— Task to carry out —
Beginning at the line that contains "རྣམས་ཀྱིས། གལ་ཏེ་འདི་དག་ཀུན་སྟོང་ན། །འབྱུང་བ་མེད་ཅིང་འཇིག་པ་མེད།", write out each remaining line of the entries below exactly as it stands.

____

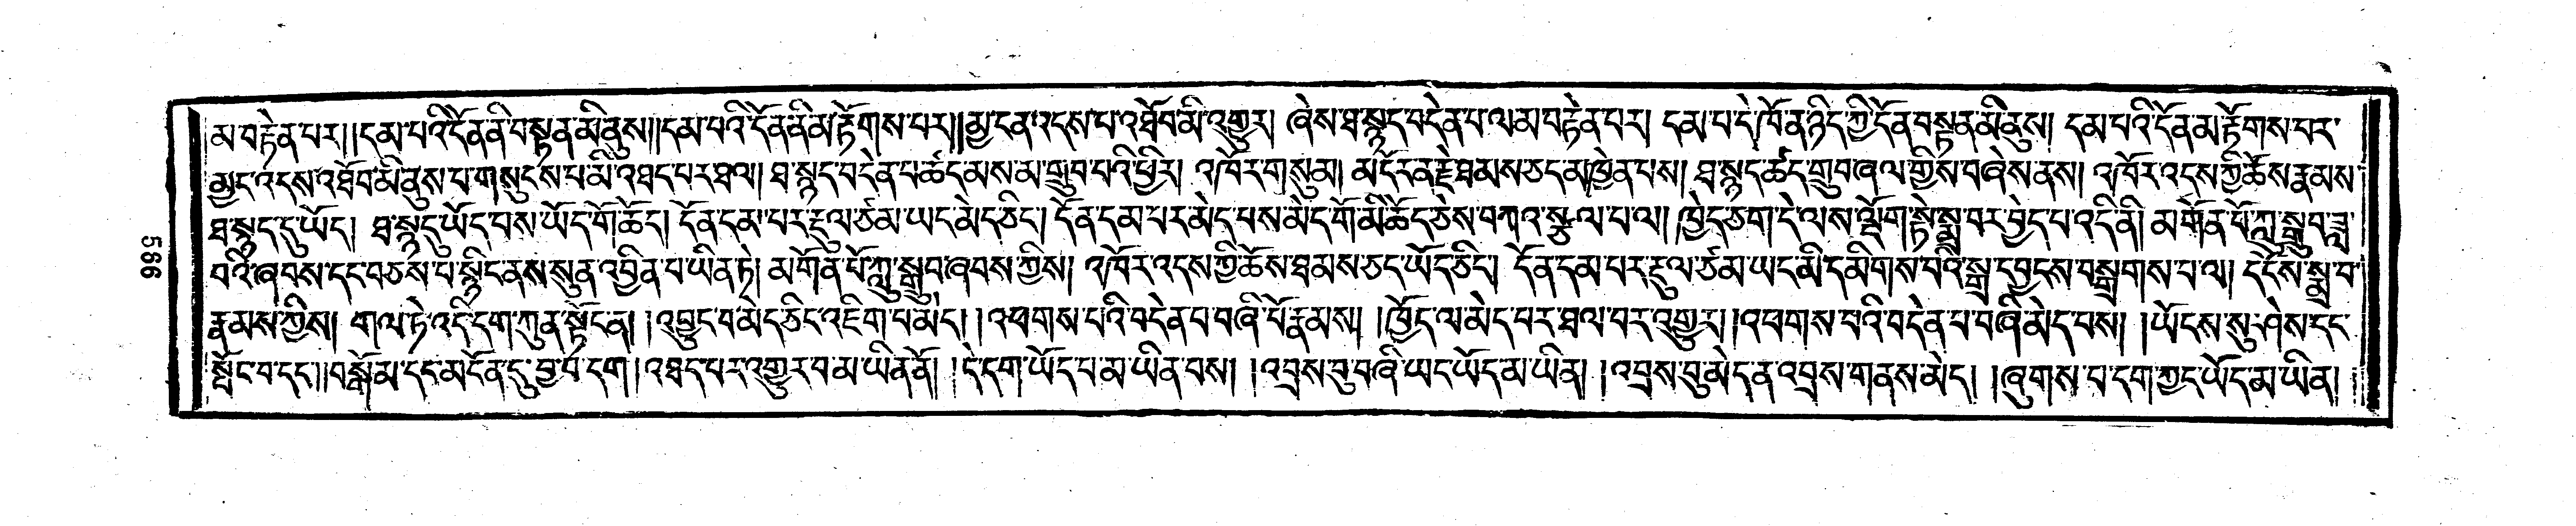མ་བརྟེན་པར། །དམ་པའི་དོན་ནི་བསྟན་མི་ནུས། །དམ་པའི་དོན་ནི་མ་རྟོགས་པར། །མྱ་ངན་འདས་པ་འཐོབ་མི་འགྱུར། ཞེས་ཐ་སྙད་བདེན་པ་ལ་མ་བརྟེན་པར། དམ་པ་དེ་ཁོ་ན་ཉིད་ཀྱི་དོན་བསྟན་མི་ནུས། དམ་པའི་དོན་མ་རྟོགས་པར་
མྱང་འདས་འཐོབ་མི་ནུས་པ་གསུངས་པ་མི་འཐད་པར་ཐལ། ཐ་སྙད་བདེན་པ་ཚད་མས་མ་གྲུབ་པའི་ཕྱིར། འཁོར་གསུམ། མདོར་ན་རྗེ་ཐམས་ཅད་མཁྱེན་པས། ཐ་སྙད་ཚད་གྲུབ་ཞལ་གྱིས་བཞེས་ནས། འཁོར་འདས་ཀྱི་ཆོས་རྣམས་
ཐ་སྙད་དུ་ཡོད། ཐ་སྙད་དུ་ཡོད་པས་ཡོད་གོ་ཆོད། དོན་དམ་པར་རྡུལ་ཙམ་ཡང་མེད་ཅིང་། དོན་དམ་པར་མེད་པས་མེད་གོ་མི་ཆོད་ཅེས་བཀའ་སྩལ་པ་ལ། ཁྱེད་ཅག་དེ་ལས་ལོག་སྟེ་སྨྲ་བར་བྱེད་པ་འདི་ནི། མགོན་པོ་ཀླུ་སྒྲུབ་ཟླ་
བའི་ཞབས་དང་བཅས་པ་སྙིང་ནས་སུན་འབྱིན་པ་ཡིན་ཏེ། མགོན་པོ་ཀླུ་སྒྲུབ་ཞབས་ཀྱིས། འཁོར་འདས་ཀྱི་ཆོས་ཐམས་ཅད་ཡོད་ཅིང་། དོན་དམ་པར་རྡུལ་ཙམ་ཡང་མི་དམིགས་པའི་སྒྲ་དབྱངས་བསྒྲགས་པ་ལ། དངོས་སྨྲ་བ་
རྣམས་ཀྱིས། གལ་ཏེ་འདི་དག་ཀུན་སྟོང་ན། །འབྱུང་བ་མེད་ཅིང་འཇིག་པ་མེད། །འཕགས་པའི་བདེན་པ་བཞི་པོ་རྣམས། །ཁྱོད་ལ་མེད་པར་ཐལ་བར་འགྱུར། །འཕགས་པའི་བདེན་པ་བཞི་མེད་པས། །ཡོངས་སུ་ཤེས་དང་
སྤོང་བ་དང་། །བསྒོམ་དང་མངོན་དུ་བྱ་བ་དག །འཐད་པར་འགྱུར་བ་མ་ཡིན་ནོ། །དེ་དག་ཡོད་པ་མ་ཡིན་པས། །འབྲས་བུ་བཞི་ཡང་ཡོད་མ་ཡིན། །འབྲས་བུ་མེད་ན་འབྲས་གནས་མེད། །ཞུགས་པ་དག་ཀྱང་ཡོད་མ་ཡིན། །

____

— Answer to this exercise —
རྣམས་ཀྱིས། གལ་ཏེ་འདི་དག་ཀུན་སྟོང་ན། །འབྱུང་བ་མེད་ཅིང་འཇིག་པ་མེད། །འཕགས་པའི་བདེན་པ་བཞི་པོ་རྣམས། །ཁྱོད་ལ་མེད་པར་ཐལ་བར་འགྱུར། །འཕགས་པའི་བདེན་པ་བཞི་མེད་པས། །ཡོངས་སུ་ཤེས་དང་
སྤོང་བ་དང་། །བསྒོམ་དང་མངོན་དུ་བྱ་བ་དག །འཐད་པར་འགྱུར་བ་མ་ཡིན་ནོ། །དེ་དག་ཡོད་པ་མ་ཡིན་པས། །འབྲས་བུ་བཞི་ཡང་ཡོད་མ་ཡིན། །འབྲས་བུ་མེད་ན་འབྲས་གནས་མེད། །ཞུགས་པ་དག་ཀྱང་ཡོད་མ་ཡིན། །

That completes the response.